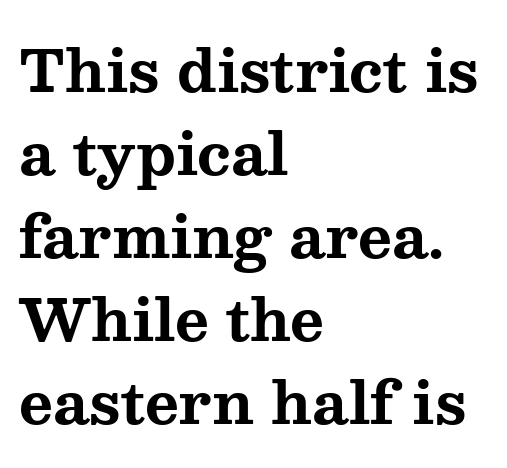
The image shows 58 px bold, wide serif type, upright; set left-aligned, normal line spacing (1.43x), normal letter spacing, not underlined; medium stroke contrast and a medium x-height.
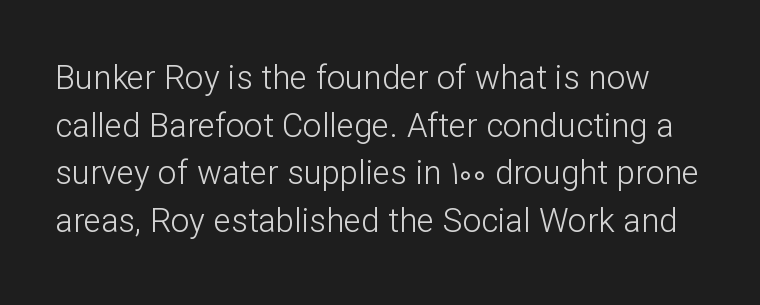
{"serif": "no", "italic": "no", "bold": "no", "weight": "light", "width": "normal", "stroke_contrast": "low", "x_height": "medium", "monospaced": "no", "underline": "no", "line_spacing": "normal", "line_spacing_ratio": 1.44, "letter_spacing": "normal", "letter_spacing_em": 0.0, "glyph_px": 33}
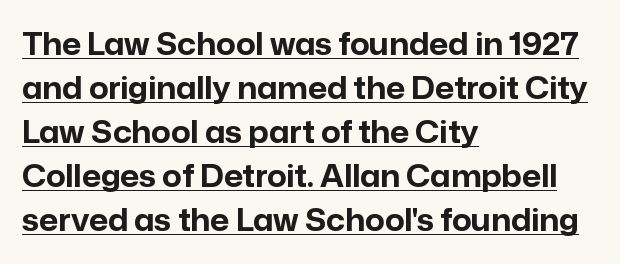
Q: Is the text bold? A: Yes.
Q: Is the text italic (slanted)? A: No, it is upright.
Q: Is the typeface a serif or a sans-serif typeface? A: Sans-serif.
Q: Is the text underlined? A: Yes.
Q: How is the paragraph aligned? A: Left-aligned.
Q: Is the spacing between letters normal or unusually wide? A: Normal.
Q: Is the spacing between lines tight, normal or loose? A: Normal.
Q: Width (condensed, normal, or wide)? A: Normal.
Q: Stroke contrast? A: Low.
Q: x-height? A: Medium.
Q: Monospaced? A: No.

──────────────────────────────

Reproduce the listing verbatim, and keep the pictures out of the copy.

- ANSWER BOX -
The image shows 58 px bold, wide serif type, upright; set left-aligned, normal line spacing (1.43x), normal letter spacing, not underlined; medium stroke contrast and a medium x-height.
{"serif": "no", "italic": "no", "bold": "no", "weight": "light", "width": "normal", "stroke_contrast": "low", "x_height": "medium", "monospaced": "no", "underline": "no", "line_spacing": "normal", "line_spacing_ratio": 1.44, "letter_spacing": "normal", "letter_spacing_em": 0.0, "glyph_px": 33}
Q: Is the text bold? A: Yes.
Q: Is the text italic (slanted)? A: No, it is upright.
Q: Is the typeface a serif or a sans-serif typeface? A: Sans-serif.
Q: Is the text underlined? A: Yes.
Q: How is the paragraph aligned? A: Left-aligned.
Q: Is the spacing between letters normal or unusually wide? A: Normal.
Q: Is the spacing between lines tight, normal or loose? A: Normal.
Q: Width (condensed, normal, or wide)? A: Normal.
Q: Stroke contrast? A: Low.
Q: x-height? A: Medium.
Q: Monospaced? A: No.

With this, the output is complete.